### Excerpted data:
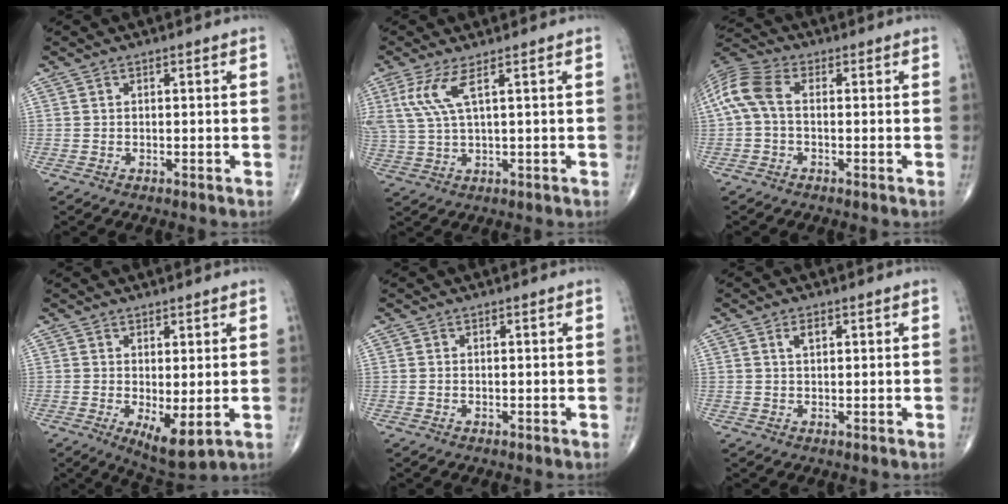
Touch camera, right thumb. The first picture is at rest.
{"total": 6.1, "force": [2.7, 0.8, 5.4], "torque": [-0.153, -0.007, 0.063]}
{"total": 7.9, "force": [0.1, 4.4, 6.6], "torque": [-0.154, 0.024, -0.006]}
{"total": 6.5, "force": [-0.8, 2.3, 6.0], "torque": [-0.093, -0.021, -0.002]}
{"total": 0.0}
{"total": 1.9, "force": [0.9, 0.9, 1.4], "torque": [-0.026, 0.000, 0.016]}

### Task details:
Tally the lines of the preceding listing in which the word "force" appears; state nothing but the total.

### Written solution:
4